On the other hand, at API Bakery, the product is a software scaffolding tool - describe your project, click a few buttons to configure it, get the source code and you're off to the races. It's a low-engagement product with very flexible time limits. If it's down, no biggie, you can always retry a bit later. It's also not such a volume product that we'd lose a bunch of sales if it's down for a few hours. Finally, it's not likely to start growing so fast that it couldn't be scaled up the traditional way (buy a few bigger servers) in a reasonable time frame (days). It would be foolish to spend nearly as much effort or money on making it scale.
When thinking about high availability and scalability needs of a system, I look at three questions (written here with example answers to better illustrate the thought process):
-
How much trouble would you be in if something bad happened:
- low - nobody would notice
- minor - mild annoyance to someone, they'd have to retry later; small revenue loss
- major - pretty annoying to a lot of your users, they're likely to complain or ask for a refund; significant revenue loss
- critical - everything's on fire, you can't even deal with the torrent of questions or complaints, incurring significant revenue and reputation loss
- catastrophic - you're fired, your company goes under, or both
-
How often are you prepared to experience these events:
- low - daily or weekly
- minor - once per month
- major - once or twice per year at most
- critical - hopefully never?
- catastrophic - definitely never!
-
What's the downtime for each severity:
- low - 30s/day (AWW - we had auto-recovery so this was mostly invisible to users), 5min/day (API Bakery)
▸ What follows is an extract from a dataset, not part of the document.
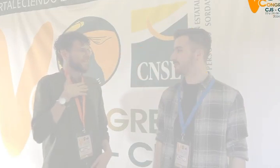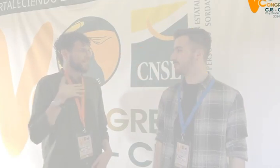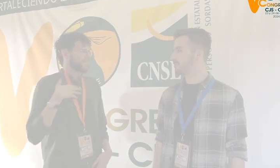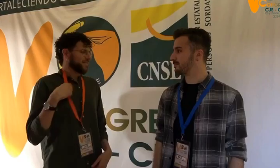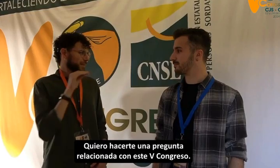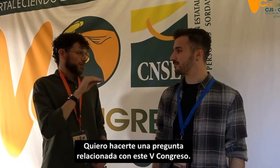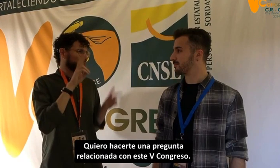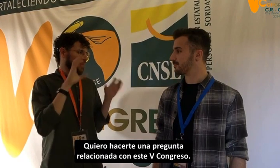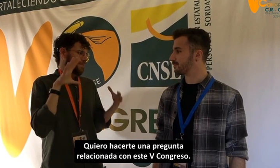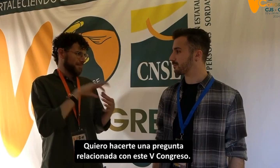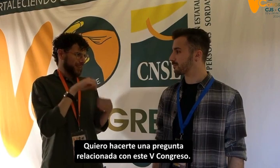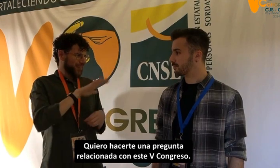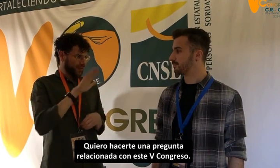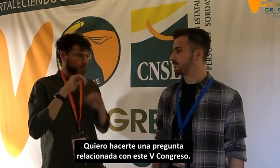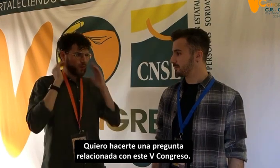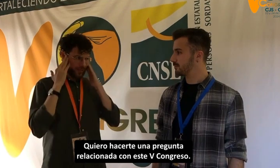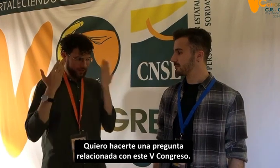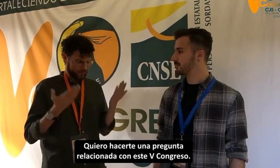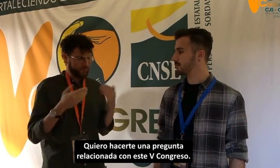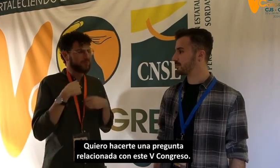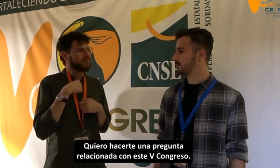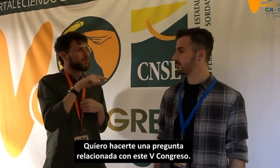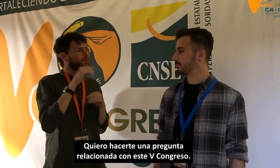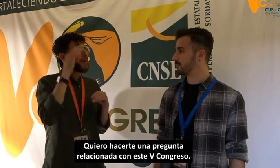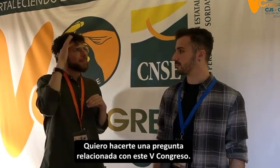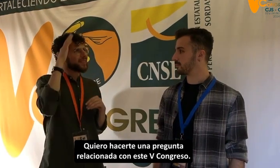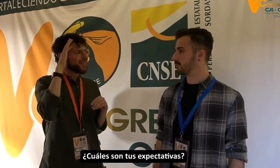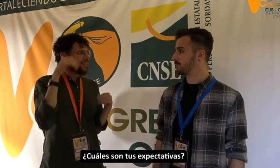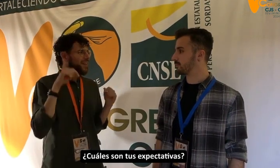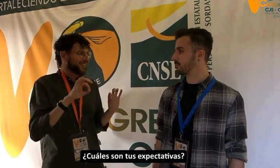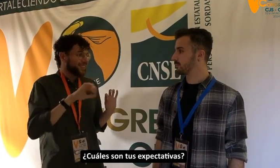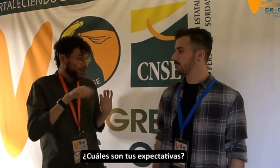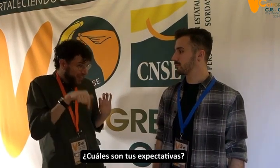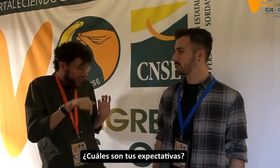Quiero hacerte una pregunta relacionada con este quinto congreso. ¿Cuáles son tus expectativas?

- minor - 5min/day (AWW), 1h/day (API Bakery)
- major - 1h/day (AWW), several hours outage (API Bakery)
- critical - 4h+/day (AWW), several days outage (API Bakery)
- catastrophic - 2+ days (AWW), a few weeks outage (API Bakery)
These are example answers to give you intuition about thinking in terms of expected cost. In this case, it's obvious that the availability and scalability needs of AWW and API Bakery are wildly different.
Quantifying the costs of (not) implementing some architecture or infrastructure decision is harder, and also depends on the experience and skill set of people involved. Personally, for me it's much easier to whip up a VPS with a Django app, PostgreSQL database server, Caddy web server, with auto-backups, than it is to muck around with Helmfiles, configuring K8s ingress and getting the autoscaling to work, but I know there are people who feel exactly the opposite.
When quantifying the cost, I think about:
- is this something we already know how to do?
- if not, does it make sense to try and learn about it (appreciating the fact that we will certainly do a substandard job while we're learning)
- can we engage outside experts, and will we be dependent on them if we do?
- what are the infrastructure costs, and how easy is it to scale them up or down?
- how will the added complexity impact the ongoing development, growth and maintenance/ops of the system?
- how far can we push current/planned architecture and what would changing the approach entail?
We might not be able to get perfect answers to all these questions, but we will be better informed and base the decision on our specific situation, not cargo-culting "best practices" invented or promoted by organizations in a wildly different position.
¹ I'm not hating on Kubernetes or containers in general here. Those are just currently the most common solutions people recommend for failover and scaling.